What to do
Only some lines are wanted. Transcribe, exactly, the lines below from the line with "hfov_deg=70.0. Metres; depth" up to and including the line with "Which thing is at (795, 367)?".

Exercise data
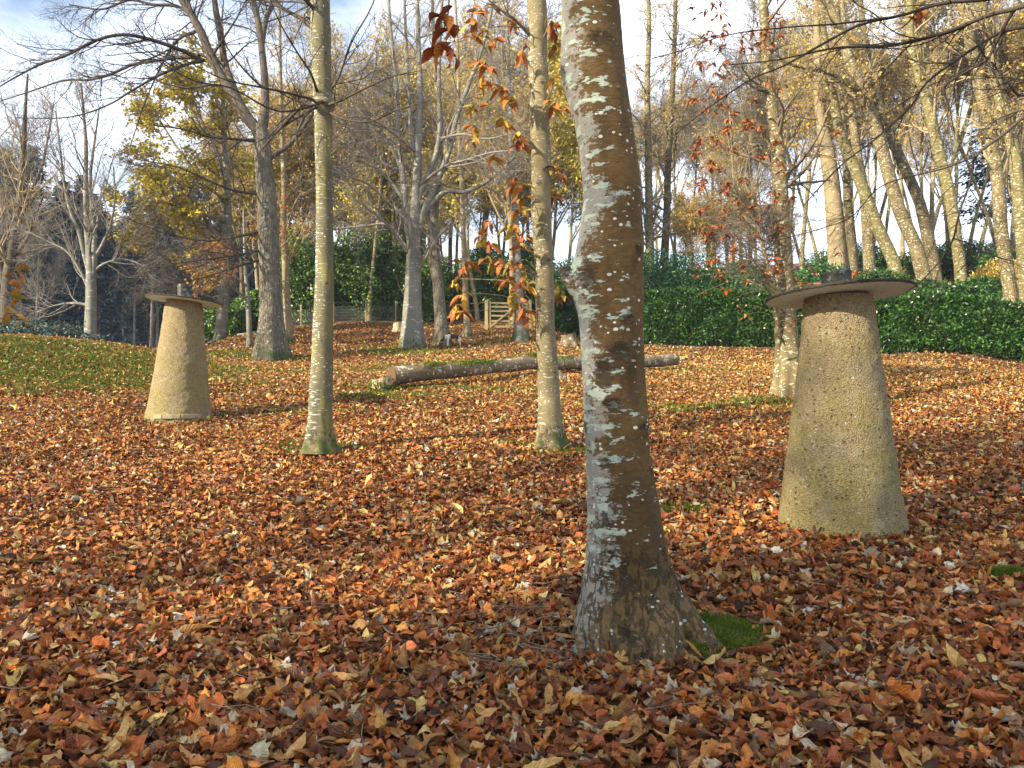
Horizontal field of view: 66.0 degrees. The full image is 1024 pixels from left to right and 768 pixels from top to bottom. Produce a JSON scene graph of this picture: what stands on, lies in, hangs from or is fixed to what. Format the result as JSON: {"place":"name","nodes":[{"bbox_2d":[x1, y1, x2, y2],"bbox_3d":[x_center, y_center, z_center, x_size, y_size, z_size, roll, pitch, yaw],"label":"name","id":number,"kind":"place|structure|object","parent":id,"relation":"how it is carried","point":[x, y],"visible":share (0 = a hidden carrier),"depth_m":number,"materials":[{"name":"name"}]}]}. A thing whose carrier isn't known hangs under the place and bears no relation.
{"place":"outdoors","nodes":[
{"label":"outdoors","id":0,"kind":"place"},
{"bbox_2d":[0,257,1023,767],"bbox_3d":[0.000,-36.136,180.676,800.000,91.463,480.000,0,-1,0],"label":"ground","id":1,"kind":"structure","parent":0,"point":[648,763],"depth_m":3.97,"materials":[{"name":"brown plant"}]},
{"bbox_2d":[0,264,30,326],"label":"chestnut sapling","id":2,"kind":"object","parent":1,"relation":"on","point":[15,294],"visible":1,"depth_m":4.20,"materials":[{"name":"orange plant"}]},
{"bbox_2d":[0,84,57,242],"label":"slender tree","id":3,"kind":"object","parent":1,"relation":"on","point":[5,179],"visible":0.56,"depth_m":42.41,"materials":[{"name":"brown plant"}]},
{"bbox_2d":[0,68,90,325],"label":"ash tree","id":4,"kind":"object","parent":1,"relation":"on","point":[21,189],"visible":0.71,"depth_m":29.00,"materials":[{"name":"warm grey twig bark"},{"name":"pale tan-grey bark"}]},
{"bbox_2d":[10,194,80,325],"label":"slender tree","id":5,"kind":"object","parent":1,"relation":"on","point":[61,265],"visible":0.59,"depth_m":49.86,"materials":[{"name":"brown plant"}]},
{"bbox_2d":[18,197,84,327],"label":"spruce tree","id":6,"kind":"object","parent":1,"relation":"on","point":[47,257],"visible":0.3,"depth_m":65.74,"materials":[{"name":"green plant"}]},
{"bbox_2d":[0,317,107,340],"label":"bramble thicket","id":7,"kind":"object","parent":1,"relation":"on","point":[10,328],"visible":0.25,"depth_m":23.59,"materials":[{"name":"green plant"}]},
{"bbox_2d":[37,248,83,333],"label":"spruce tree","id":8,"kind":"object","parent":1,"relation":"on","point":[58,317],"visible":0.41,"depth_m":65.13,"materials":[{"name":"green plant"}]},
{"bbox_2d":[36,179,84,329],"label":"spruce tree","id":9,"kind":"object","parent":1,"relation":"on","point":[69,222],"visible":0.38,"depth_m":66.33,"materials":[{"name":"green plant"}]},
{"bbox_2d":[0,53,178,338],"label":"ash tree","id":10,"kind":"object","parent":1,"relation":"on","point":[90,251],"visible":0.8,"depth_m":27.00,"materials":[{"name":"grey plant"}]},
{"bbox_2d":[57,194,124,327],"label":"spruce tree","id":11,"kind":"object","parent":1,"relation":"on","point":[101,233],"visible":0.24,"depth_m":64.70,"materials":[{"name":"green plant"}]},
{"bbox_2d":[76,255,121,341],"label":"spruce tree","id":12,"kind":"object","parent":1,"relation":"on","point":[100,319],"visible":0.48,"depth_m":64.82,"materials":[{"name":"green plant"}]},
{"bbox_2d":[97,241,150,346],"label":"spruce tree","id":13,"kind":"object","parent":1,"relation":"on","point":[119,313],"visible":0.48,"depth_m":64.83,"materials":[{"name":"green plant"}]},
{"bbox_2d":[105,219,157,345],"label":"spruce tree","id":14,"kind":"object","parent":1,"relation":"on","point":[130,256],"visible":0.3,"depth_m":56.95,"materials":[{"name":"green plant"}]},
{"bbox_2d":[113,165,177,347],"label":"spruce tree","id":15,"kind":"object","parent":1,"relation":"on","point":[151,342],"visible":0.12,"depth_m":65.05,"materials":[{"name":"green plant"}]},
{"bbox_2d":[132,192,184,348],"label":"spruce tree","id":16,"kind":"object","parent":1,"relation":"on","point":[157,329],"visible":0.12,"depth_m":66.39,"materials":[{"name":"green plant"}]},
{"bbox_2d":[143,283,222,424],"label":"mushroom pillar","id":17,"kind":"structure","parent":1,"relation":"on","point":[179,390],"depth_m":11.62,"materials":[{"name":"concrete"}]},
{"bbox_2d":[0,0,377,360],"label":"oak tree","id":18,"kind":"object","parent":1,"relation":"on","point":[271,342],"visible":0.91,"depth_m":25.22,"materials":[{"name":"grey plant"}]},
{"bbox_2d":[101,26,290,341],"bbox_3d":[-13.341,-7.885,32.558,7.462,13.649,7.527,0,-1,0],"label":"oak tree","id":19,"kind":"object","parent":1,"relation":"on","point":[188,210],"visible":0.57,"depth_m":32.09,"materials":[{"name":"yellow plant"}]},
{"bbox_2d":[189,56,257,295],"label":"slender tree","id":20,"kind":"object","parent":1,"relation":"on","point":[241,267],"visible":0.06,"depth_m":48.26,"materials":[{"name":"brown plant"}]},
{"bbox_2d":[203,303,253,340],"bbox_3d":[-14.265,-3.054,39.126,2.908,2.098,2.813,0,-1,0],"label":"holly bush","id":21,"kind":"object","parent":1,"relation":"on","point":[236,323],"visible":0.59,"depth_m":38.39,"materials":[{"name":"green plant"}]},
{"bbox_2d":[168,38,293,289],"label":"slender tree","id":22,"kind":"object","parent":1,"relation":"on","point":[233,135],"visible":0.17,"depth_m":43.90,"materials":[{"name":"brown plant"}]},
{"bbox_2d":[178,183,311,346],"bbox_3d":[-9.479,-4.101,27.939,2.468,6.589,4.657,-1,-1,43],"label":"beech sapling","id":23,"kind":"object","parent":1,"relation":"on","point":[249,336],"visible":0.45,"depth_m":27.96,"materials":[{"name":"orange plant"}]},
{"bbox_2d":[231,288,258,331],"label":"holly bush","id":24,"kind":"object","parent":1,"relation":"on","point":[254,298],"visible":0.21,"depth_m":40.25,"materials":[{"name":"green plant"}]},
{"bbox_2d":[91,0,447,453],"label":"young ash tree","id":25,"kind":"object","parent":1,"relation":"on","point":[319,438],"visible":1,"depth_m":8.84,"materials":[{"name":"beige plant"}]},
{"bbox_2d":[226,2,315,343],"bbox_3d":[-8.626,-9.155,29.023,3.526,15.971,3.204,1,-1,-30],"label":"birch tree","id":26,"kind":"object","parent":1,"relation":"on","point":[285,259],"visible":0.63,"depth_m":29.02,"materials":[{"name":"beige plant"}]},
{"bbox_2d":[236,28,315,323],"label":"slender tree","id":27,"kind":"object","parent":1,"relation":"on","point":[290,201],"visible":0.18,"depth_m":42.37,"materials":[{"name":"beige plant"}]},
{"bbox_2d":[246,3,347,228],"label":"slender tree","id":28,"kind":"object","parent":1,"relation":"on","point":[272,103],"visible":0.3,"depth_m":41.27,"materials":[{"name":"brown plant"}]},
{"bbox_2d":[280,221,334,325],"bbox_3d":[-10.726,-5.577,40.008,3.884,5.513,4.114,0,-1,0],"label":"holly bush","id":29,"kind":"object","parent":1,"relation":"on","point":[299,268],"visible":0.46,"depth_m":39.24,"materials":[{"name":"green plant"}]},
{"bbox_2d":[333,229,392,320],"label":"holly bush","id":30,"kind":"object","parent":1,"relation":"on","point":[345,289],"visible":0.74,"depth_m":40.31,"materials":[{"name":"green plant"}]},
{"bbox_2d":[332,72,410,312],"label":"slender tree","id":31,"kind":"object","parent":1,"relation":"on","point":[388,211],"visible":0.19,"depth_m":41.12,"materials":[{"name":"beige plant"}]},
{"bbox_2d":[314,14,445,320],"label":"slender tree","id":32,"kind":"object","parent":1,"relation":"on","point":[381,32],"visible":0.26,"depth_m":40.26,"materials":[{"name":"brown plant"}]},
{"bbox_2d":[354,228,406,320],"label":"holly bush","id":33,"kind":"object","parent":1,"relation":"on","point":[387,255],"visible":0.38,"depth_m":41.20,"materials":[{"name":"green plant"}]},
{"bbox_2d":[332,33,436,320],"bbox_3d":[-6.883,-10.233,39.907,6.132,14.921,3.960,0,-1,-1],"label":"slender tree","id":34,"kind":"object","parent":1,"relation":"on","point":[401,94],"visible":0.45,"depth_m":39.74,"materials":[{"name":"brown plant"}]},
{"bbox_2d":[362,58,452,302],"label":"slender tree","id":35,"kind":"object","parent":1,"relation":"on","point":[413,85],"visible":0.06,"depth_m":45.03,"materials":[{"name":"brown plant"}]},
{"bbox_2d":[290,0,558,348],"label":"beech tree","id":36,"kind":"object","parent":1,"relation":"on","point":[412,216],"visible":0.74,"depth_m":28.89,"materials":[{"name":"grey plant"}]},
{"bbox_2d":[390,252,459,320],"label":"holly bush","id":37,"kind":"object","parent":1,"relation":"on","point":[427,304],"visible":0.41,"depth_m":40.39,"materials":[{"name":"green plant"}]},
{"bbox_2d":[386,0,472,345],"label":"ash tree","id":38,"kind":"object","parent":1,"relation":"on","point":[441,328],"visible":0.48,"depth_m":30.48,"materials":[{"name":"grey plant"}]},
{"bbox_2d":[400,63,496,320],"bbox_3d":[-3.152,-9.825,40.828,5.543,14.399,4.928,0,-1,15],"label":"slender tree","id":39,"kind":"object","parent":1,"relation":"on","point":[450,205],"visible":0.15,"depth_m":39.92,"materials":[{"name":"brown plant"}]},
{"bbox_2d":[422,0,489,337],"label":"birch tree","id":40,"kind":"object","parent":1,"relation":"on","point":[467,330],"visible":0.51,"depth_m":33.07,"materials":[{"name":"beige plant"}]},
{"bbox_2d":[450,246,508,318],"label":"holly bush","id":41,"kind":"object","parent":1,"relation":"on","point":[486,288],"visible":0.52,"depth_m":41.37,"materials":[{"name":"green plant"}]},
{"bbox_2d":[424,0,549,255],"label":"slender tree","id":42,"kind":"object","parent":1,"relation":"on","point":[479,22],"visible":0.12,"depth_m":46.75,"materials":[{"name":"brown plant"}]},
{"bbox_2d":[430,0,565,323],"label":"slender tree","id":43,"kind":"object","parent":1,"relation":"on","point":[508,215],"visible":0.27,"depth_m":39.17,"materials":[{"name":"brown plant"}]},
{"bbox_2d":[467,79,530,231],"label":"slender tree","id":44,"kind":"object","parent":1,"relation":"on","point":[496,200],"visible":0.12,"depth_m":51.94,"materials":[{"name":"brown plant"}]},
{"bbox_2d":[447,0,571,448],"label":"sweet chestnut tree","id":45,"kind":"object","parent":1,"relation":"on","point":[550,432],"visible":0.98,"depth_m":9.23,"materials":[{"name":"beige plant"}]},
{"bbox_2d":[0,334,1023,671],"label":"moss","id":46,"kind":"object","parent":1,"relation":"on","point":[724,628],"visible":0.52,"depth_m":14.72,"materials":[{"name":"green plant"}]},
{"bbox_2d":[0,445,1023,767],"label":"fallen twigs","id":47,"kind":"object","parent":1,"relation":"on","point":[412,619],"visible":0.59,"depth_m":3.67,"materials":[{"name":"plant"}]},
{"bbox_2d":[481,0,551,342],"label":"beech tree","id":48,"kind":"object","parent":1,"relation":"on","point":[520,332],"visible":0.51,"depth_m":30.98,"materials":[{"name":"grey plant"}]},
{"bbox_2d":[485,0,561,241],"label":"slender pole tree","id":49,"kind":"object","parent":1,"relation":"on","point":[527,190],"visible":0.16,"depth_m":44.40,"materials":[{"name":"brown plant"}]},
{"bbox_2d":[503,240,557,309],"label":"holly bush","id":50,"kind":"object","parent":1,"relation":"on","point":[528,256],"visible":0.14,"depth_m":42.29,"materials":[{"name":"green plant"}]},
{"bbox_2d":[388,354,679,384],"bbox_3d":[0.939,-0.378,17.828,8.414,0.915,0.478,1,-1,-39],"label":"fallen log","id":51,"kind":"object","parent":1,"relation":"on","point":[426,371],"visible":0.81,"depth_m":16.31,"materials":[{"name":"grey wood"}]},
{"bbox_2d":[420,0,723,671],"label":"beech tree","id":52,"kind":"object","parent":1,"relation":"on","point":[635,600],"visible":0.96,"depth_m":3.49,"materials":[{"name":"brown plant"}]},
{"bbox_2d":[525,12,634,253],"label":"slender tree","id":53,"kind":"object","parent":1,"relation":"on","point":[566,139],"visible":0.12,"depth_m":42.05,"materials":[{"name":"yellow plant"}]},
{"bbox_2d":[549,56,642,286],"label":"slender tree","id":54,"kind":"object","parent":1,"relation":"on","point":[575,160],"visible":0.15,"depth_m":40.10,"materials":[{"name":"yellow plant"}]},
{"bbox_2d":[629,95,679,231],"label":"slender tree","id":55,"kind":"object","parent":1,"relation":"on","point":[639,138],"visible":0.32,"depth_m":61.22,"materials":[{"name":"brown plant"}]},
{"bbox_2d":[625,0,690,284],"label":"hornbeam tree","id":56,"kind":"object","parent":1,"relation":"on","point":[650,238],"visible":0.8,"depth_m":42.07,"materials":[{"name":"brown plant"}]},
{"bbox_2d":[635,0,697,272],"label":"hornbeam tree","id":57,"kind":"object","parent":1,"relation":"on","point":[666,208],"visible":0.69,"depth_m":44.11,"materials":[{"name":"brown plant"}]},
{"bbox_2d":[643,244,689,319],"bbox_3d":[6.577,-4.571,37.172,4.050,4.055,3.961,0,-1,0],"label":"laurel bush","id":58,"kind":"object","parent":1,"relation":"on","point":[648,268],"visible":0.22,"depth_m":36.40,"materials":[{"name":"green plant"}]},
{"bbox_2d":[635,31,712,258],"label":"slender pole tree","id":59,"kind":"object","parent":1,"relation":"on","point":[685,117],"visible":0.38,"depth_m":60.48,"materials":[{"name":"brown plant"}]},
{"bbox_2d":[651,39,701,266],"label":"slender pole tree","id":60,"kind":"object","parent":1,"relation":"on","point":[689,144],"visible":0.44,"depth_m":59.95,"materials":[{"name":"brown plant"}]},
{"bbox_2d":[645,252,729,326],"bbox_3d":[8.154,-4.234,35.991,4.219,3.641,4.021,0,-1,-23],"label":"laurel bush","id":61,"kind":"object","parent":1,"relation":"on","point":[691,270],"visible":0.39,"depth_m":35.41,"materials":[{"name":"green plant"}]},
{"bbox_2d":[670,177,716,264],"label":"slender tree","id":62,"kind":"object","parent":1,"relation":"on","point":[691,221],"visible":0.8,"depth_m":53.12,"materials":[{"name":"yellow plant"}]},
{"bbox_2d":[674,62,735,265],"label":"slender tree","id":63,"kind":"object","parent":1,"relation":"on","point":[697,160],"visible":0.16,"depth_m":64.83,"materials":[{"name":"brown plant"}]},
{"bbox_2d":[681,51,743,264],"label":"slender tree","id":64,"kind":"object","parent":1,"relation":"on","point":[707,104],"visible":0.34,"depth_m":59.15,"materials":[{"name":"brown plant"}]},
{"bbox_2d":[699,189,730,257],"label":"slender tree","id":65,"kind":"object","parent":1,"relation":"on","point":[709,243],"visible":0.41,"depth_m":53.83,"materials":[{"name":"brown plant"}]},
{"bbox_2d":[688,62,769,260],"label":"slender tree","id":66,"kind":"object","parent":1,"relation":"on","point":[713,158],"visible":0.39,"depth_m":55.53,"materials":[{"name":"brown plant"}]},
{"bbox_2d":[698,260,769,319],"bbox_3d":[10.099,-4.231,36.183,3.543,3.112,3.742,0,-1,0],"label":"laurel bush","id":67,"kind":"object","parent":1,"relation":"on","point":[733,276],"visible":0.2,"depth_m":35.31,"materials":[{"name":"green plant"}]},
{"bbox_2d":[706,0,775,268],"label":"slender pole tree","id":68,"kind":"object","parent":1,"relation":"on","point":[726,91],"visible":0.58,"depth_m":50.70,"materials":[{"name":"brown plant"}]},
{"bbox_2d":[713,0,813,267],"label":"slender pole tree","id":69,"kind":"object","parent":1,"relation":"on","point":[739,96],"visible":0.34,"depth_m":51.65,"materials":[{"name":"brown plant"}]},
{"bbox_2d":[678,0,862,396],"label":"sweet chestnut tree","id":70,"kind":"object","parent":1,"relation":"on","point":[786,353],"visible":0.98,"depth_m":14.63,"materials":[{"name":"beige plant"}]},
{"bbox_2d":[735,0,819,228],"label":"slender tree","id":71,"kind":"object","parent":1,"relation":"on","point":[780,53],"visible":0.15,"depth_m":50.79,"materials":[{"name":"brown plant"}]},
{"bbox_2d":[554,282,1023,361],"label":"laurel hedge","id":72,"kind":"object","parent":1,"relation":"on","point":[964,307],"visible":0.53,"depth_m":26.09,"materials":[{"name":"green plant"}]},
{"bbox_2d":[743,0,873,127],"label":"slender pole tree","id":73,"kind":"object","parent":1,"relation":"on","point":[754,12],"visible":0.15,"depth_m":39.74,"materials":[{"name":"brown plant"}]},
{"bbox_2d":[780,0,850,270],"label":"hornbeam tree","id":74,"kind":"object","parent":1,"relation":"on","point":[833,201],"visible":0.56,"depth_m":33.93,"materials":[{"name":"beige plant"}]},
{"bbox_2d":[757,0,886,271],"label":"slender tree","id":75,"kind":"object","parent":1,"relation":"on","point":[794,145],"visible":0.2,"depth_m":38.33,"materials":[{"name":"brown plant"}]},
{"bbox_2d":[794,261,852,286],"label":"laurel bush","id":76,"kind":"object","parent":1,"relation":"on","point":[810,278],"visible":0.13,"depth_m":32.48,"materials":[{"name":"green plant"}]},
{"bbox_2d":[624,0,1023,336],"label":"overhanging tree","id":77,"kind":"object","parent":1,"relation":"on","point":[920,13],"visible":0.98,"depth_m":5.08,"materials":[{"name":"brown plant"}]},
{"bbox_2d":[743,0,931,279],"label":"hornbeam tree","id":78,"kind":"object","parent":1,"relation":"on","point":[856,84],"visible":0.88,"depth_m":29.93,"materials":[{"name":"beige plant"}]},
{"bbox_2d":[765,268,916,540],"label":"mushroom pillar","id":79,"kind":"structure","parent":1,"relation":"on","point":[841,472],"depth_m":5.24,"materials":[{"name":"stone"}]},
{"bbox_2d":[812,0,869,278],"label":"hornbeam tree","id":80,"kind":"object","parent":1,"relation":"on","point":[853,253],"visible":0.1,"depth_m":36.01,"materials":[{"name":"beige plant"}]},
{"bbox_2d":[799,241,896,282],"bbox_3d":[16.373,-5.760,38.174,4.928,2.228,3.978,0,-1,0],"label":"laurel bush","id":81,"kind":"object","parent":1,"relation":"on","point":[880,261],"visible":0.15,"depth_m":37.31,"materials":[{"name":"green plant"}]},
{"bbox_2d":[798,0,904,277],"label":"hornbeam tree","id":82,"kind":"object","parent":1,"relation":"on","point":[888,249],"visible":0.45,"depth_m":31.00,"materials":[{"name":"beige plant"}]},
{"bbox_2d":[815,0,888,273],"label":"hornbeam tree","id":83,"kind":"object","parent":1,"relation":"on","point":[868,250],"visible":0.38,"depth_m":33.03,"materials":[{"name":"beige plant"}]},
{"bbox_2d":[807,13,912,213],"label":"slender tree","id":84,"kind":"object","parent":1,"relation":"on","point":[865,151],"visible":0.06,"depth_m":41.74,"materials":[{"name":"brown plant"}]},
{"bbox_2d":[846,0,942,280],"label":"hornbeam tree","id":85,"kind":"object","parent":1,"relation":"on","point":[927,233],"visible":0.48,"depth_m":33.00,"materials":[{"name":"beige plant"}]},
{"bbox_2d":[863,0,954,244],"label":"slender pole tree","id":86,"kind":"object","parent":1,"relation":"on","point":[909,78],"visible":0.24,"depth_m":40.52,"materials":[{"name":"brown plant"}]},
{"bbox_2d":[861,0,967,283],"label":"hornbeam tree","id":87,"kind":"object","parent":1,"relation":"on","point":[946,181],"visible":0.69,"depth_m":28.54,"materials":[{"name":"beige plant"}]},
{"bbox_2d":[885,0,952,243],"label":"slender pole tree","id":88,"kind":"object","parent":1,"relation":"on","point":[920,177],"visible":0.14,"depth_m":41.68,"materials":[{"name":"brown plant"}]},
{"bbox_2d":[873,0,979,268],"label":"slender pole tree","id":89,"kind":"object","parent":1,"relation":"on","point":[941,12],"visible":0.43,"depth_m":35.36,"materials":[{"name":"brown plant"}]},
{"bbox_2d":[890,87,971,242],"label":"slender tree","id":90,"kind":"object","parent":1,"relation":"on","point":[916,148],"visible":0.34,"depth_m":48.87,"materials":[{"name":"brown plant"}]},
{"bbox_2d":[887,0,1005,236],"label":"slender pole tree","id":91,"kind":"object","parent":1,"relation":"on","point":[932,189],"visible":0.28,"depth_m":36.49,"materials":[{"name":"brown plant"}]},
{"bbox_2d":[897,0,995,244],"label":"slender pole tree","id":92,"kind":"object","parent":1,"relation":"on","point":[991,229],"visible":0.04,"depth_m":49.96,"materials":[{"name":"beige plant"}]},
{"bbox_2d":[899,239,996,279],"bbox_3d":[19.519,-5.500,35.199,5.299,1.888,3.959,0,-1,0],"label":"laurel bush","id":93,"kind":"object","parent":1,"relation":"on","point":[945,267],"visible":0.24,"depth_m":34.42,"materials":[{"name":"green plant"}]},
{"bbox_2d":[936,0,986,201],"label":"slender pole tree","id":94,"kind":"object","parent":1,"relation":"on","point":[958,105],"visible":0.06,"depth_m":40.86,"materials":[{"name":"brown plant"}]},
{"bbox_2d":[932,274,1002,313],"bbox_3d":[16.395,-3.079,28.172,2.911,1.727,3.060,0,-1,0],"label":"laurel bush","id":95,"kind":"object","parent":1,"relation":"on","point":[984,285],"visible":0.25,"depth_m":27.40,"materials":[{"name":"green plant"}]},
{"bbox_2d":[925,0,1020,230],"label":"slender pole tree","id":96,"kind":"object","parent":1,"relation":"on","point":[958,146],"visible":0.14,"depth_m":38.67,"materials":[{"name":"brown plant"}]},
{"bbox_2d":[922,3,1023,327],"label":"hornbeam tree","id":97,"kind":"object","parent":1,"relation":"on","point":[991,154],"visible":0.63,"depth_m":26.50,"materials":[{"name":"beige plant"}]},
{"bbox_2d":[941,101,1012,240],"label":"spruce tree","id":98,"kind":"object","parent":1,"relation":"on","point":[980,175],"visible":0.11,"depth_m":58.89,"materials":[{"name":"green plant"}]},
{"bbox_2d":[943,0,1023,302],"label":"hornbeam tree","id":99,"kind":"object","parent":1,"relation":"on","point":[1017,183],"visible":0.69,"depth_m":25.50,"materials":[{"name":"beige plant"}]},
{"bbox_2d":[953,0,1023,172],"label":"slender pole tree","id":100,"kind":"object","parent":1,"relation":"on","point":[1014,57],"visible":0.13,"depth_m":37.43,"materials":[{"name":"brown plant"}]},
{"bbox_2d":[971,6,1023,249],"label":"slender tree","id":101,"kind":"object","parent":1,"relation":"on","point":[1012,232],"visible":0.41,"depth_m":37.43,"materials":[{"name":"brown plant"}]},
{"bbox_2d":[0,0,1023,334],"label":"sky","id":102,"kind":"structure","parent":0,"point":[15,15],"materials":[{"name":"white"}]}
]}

--

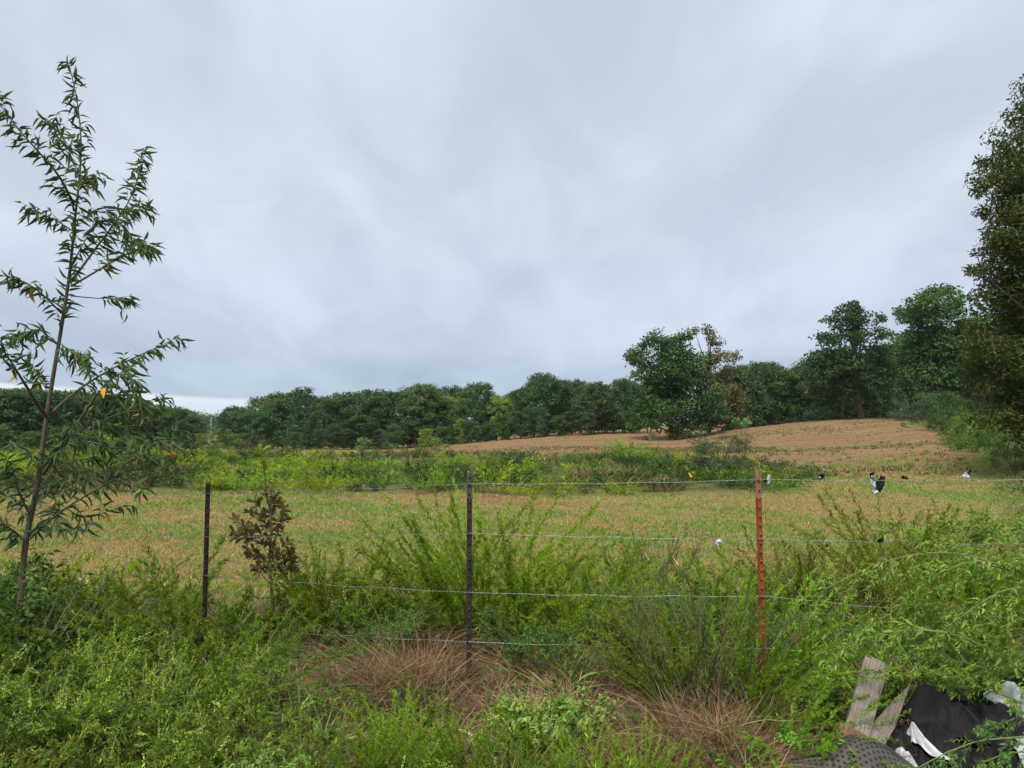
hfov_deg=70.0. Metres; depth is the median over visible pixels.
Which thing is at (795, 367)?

Result
hfov_deg=70.0. Metres; depth is the median over visible pixels.
Which thing is at (795, 367)?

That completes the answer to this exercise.